:: Data extracts ::

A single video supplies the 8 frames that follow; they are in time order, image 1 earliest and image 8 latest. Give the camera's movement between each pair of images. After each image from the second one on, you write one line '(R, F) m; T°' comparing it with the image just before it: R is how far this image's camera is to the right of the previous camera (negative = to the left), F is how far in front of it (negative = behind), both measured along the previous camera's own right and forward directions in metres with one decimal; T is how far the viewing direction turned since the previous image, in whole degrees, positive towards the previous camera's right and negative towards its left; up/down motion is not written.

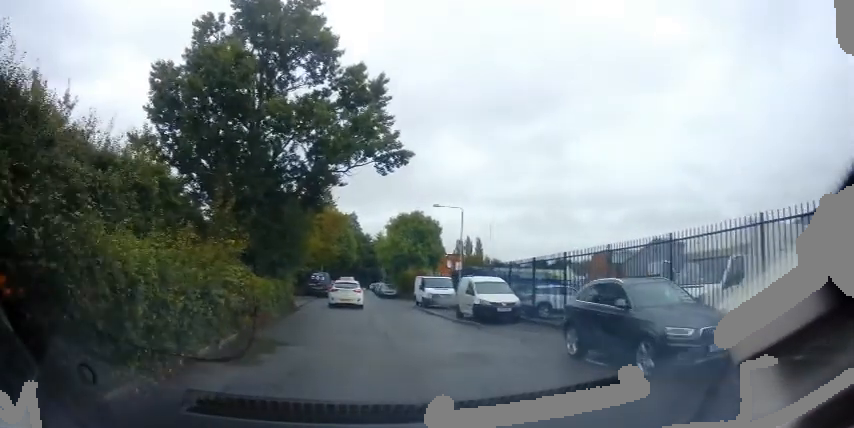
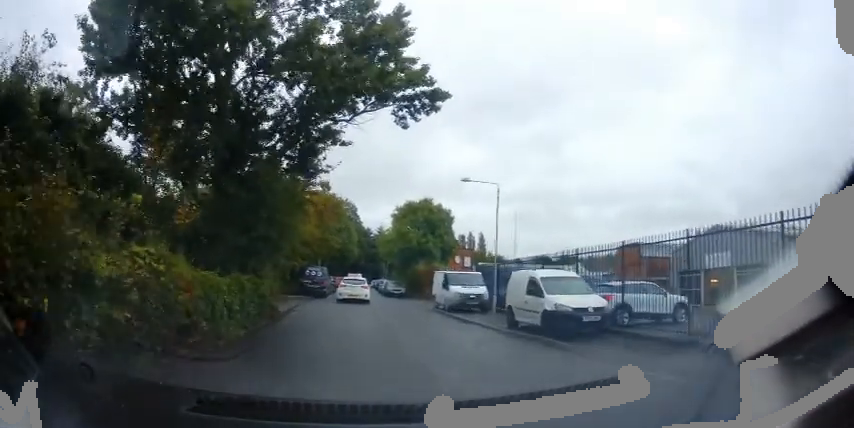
(0.0, +6.5) m; +4°
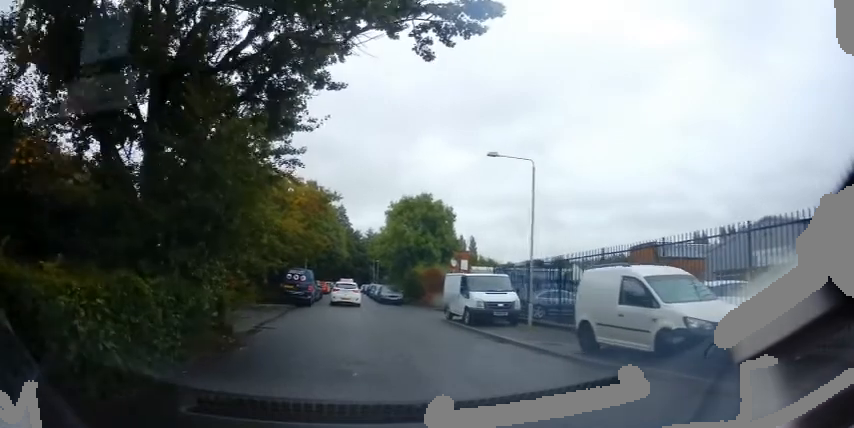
(+0.3, +5.4) m; 0°
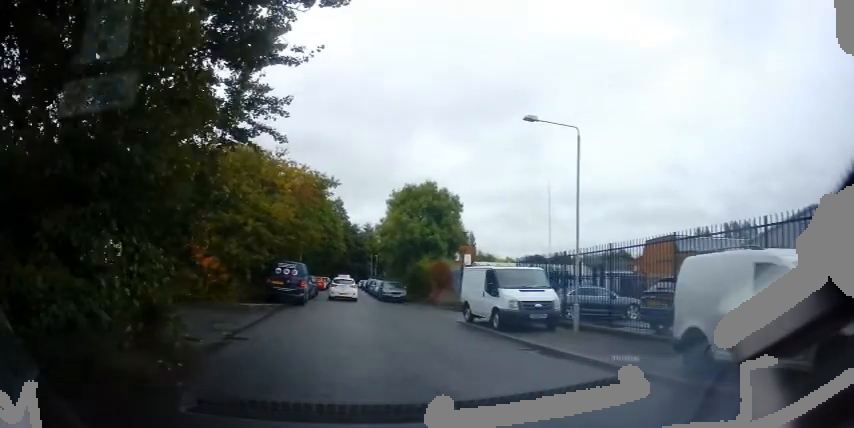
(-0.1, +3.8) m; -3°
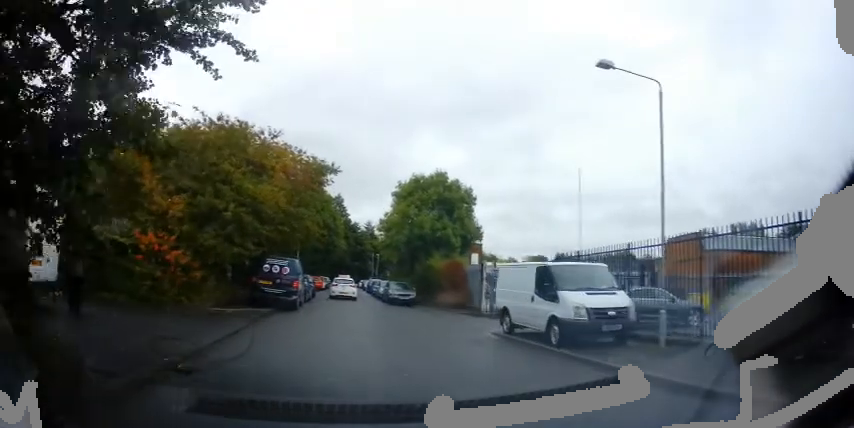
(-0.2, +4.2) m; 0°
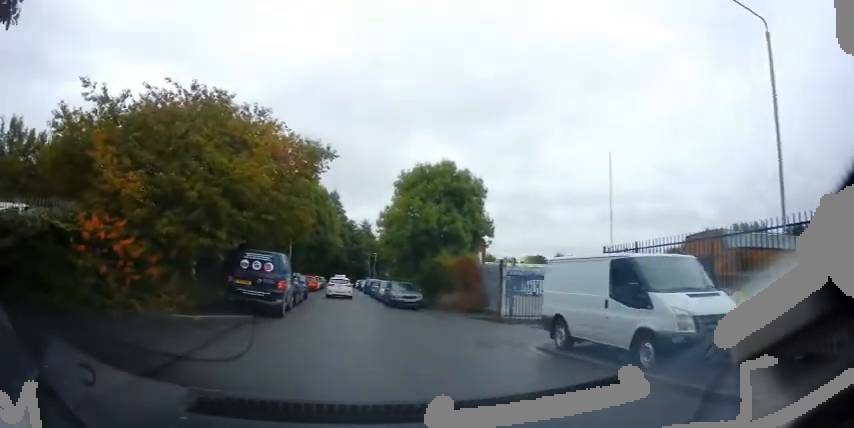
(+0.3, +3.6) m; +1°
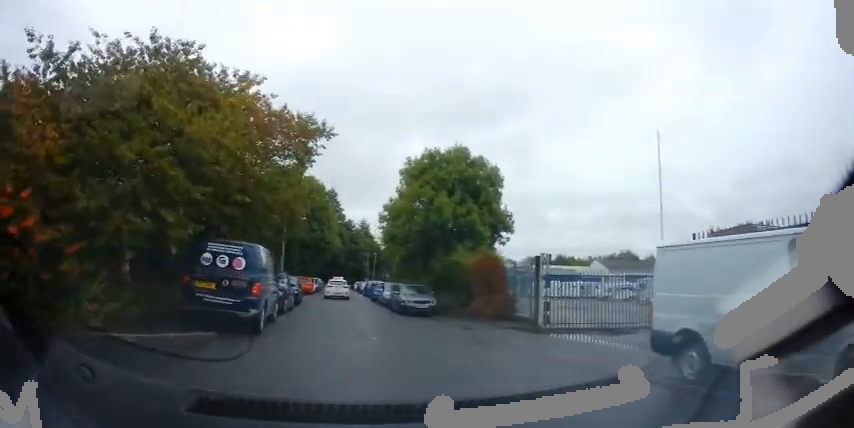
(-0.2, +4.3) m; +1°
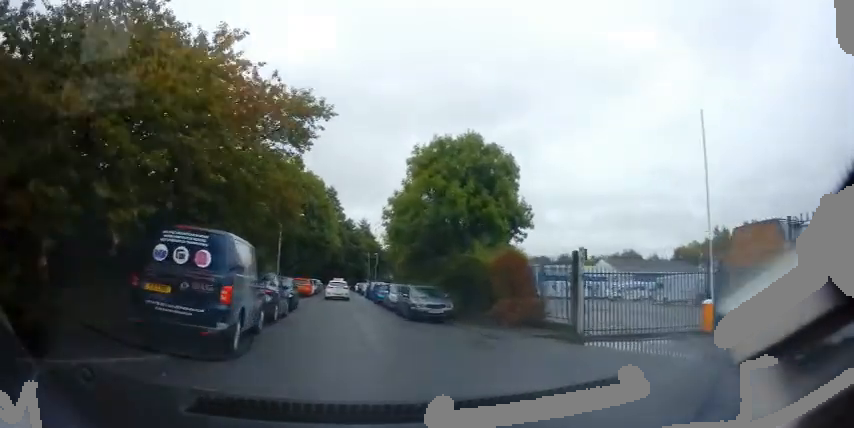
(0.0, +3.2) m; +4°

:: Goal of the exercise ::
Set down every record exactly, without the pictures.

:: Result below ::
A single video supplies the 8 frames that follow; they are in time order, image 1 earliest and image 8 latest. Give the camera's movement between each pair of images. After each image from the second one on, you write one line '(R, F) m; T°' comparing it with the image just before it: R is how far this image's camera is to the right of the previous camera (negative = to the left), F is how far in front of it (negative = behind), both measured along the previous camera's own right and forward directions in metres with one decimal; T is how far the viewing direction turned since the previous image, in whole degrees, positive towards the previous camera's right and negative towards its left; up/down motion is not written.

(0.0, +6.5) m; +4°
(+0.3, +5.4) m; 0°
(-0.1, +3.8) m; -3°
(-0.2, +4.2) m; 0°
(+0.3, +3.6) m; +1°
(-0.2, +4.3) m; +1°
(0.0, +3.2) m; +4°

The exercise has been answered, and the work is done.